In altri termini, il motivo prospettato dal ricorrente aveva unicamente sollecitato il Giudice di legittimità ad una integrale riconsiderazione del materiale istruttorio acquisito al giudizio di primo grado e ad una inammissibile rilettura della vicenda sottoposta all’esame della Corte di merito.
In ordine al secondo motivo di ricorso, la Corte – nel rigettarlo – ha richiamato il principio ormai consolidato nella giurisprudenza di legittimità, secondo cui “in materia di contratti di intermediazione finanziaria, allorché risulti necessario accertare la responsabilità contrattuale per danni subiti dall’investitore, va accertato se l’intermediario abbia diligentemente adempiuto alle obbligazioni scaturenti dal contratto di negoziazione nonché, in ogni caso, a tutte quelle obbligazioni specificamente poste a suo carico dal d.lgs. 24 febbraio 1998, n. 58 (T.U.F.) e prima ancora dal d.lgs. 23 luglio 1996, n. 415, nonché dalla normativa secondaria, risultando, quindi, così disciplinato, il riparto dell’onere della prova: l’investitore deve allegare l’inadempimento delle citate obbligazioni da parte dell’intermediario, nonché fornire la prova del danno e del nesso di causalità fra questo e l’inadempimento, anche sulla base di presunzioni; l’intermediario, a sua volta, deve provare l’avvenuto adempimento delle specifiche obbligazioni poste a suo carico, allegate come inadempiute dalla controparte, e, sotto il profilo soggettivo, di avere agito con la specifica diligenza richiesta”.
In altri termini, gli Ermellini osservavano che, una volta dedotto l’inadempimento consistente nella violazione degli obblighi informativi, l’investitore avrebbe dovuto provare il nesso di causalità tra l’inadempimento ed il danno, attraverso l’impiego del giudizio controfattuale e, cioè, collocando ipoteticamente in luogo del comportamento omesso quello legalmente dovuto, così da accertare, secondo un giudizio necessariamente probabilistico condotto sul modello della prognosi postuma, se, ove adeguatamente informato, l’investitore avrebbe desistito, o meno, dall’investimento rivelatosi poi pregiudizievole.

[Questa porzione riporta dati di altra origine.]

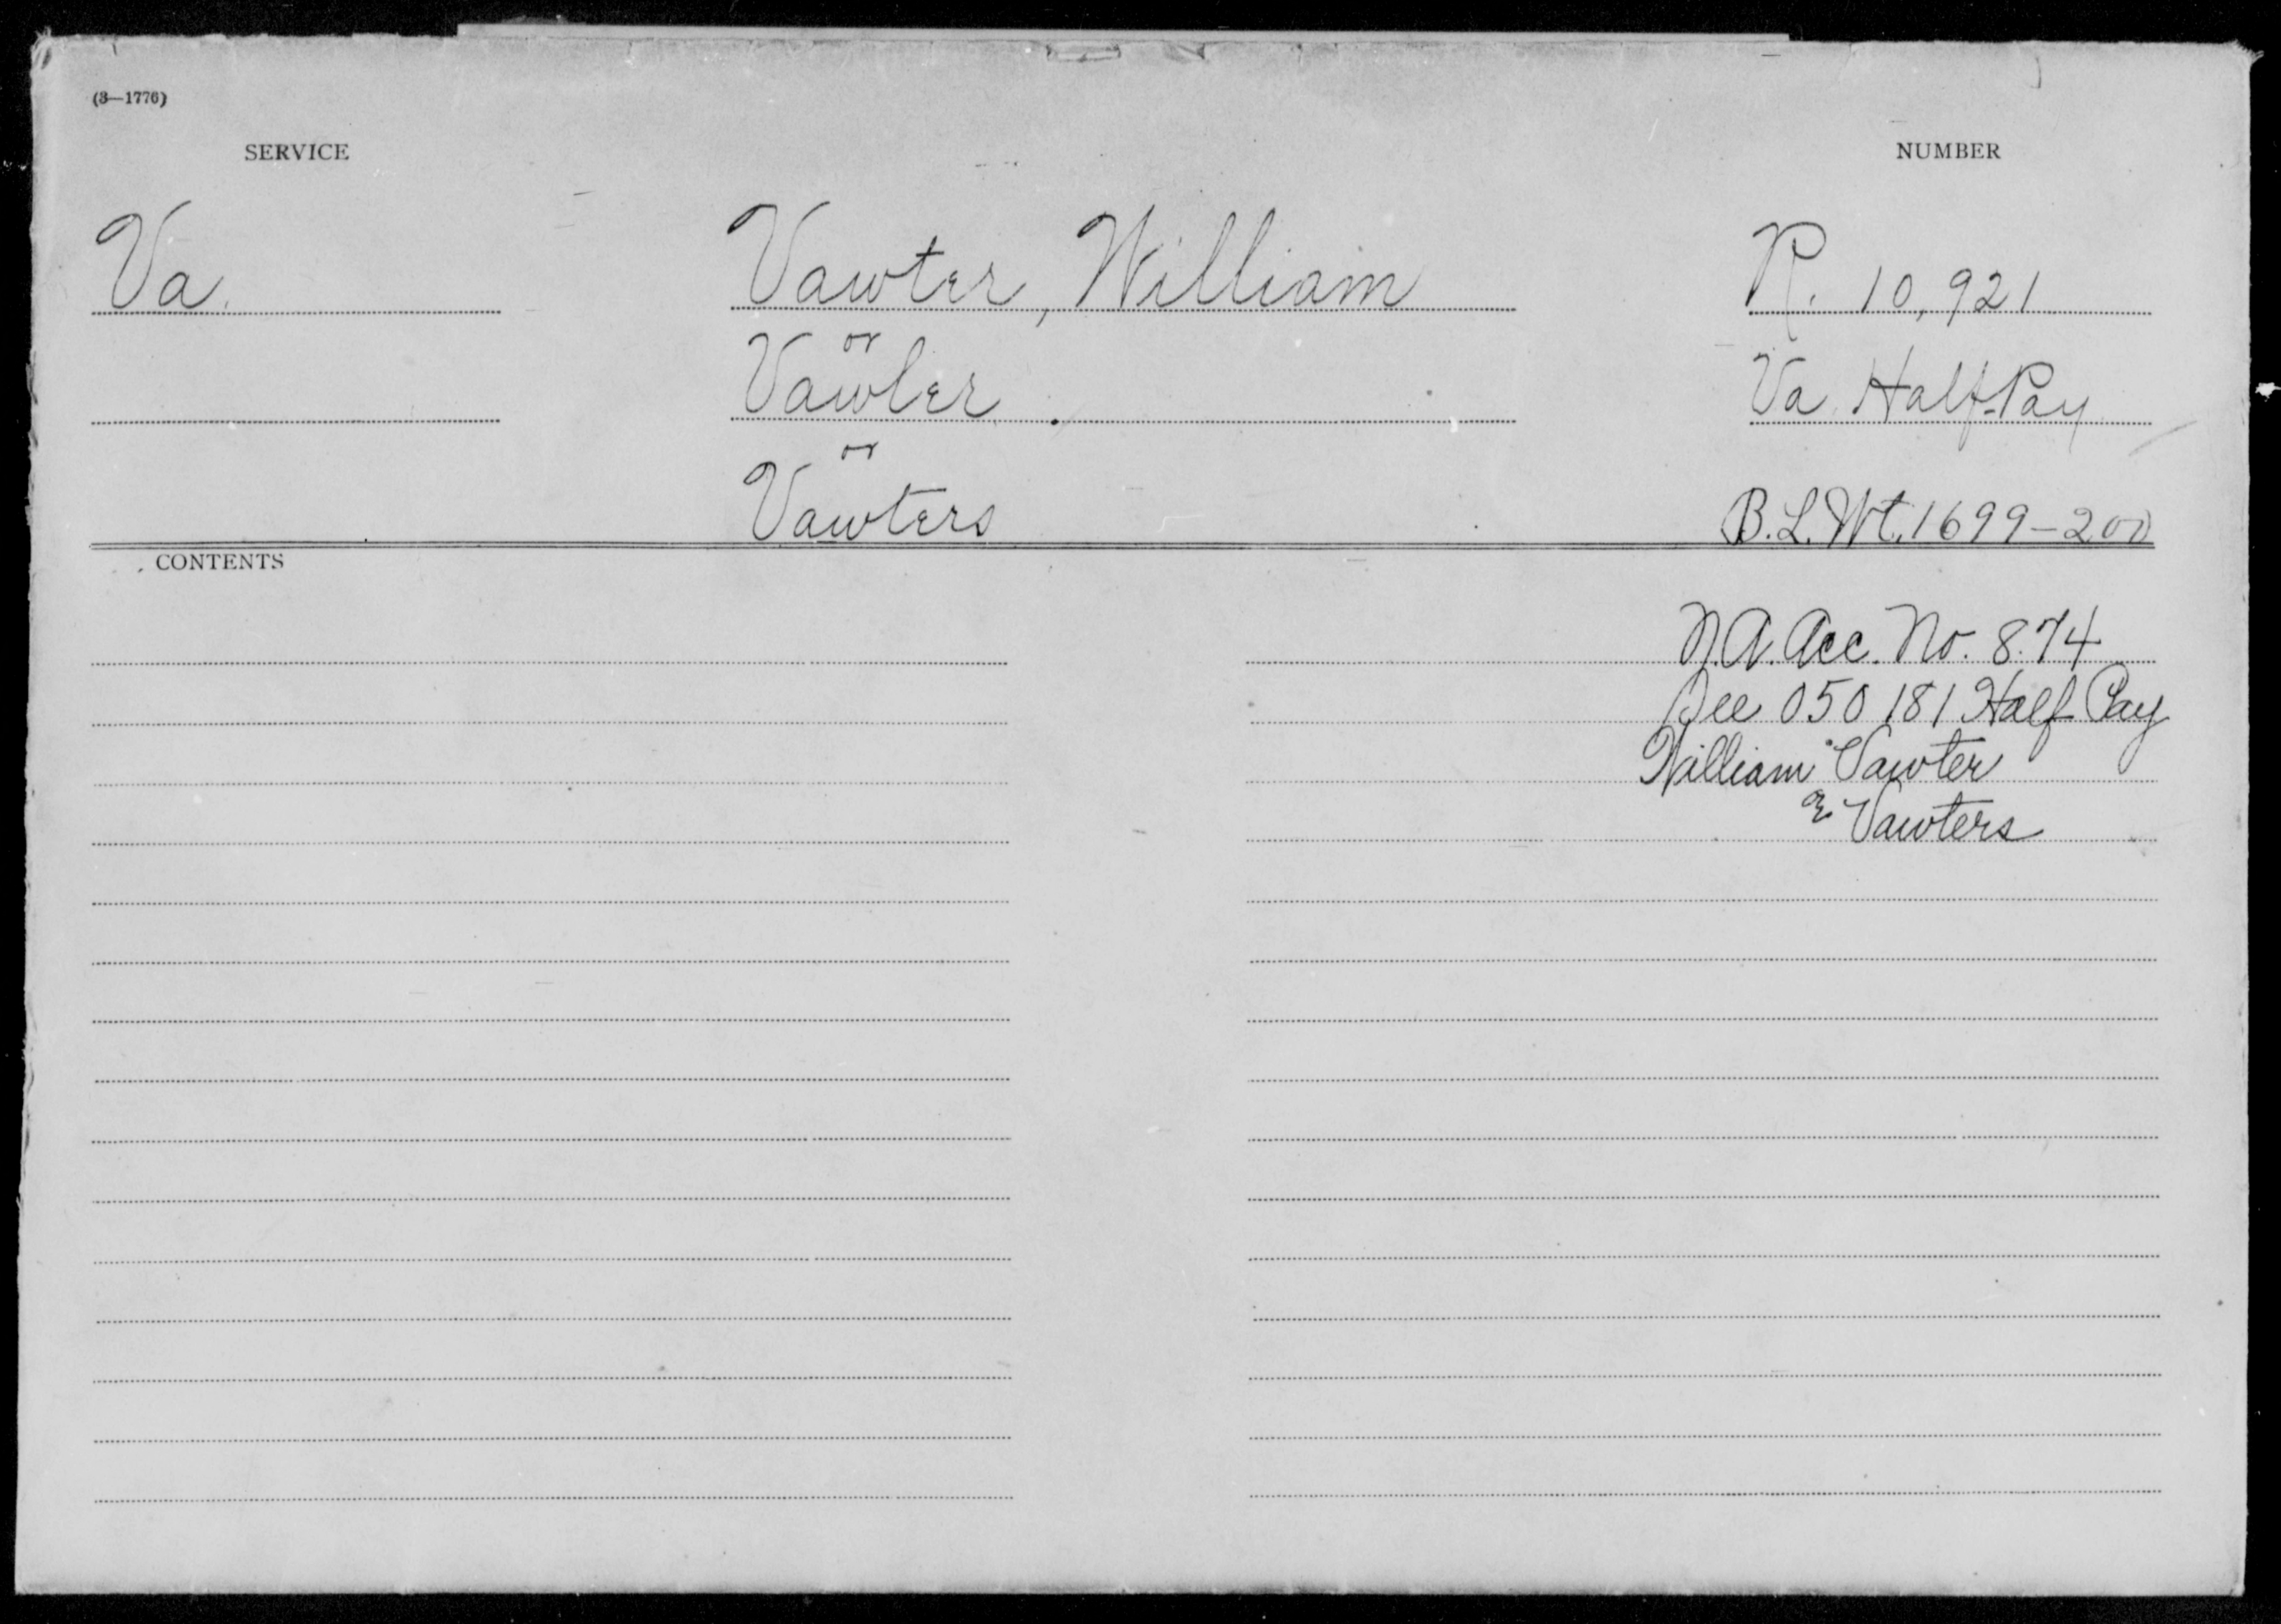(3 - 1776 )
SERVICE  NUMBER
Va.
Vawter William
or Vawler or Vawters


R. 10,921
Va. Half Pay
B.L. Wt 1699 -20

N. A. Acc No. 874
See 150 181 Half Pay
William Vawter
or Vawters

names: William Vawler, William Vawters
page: 1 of 51
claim: rejected
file: R. 10,921, William Vawter, Va.

La Corte, in proposito, rilevato che le asserzioni del cliente erano risultate generiche e non suffragate da alcun valido elemento di prova ed escluso, ad ogni modo, che, nell’ipotesi di danni derivanti dalla violazione degli obblighi informativi gravanti sull’Istituto di credito, la sussistenza del nesso di causalità possa essere ritenuta in re ipsa, in mancanza di apposita previsione normativa in tal senso, rigettava il ricorso, condannando il ricorrente al pagamento delle spese di lite.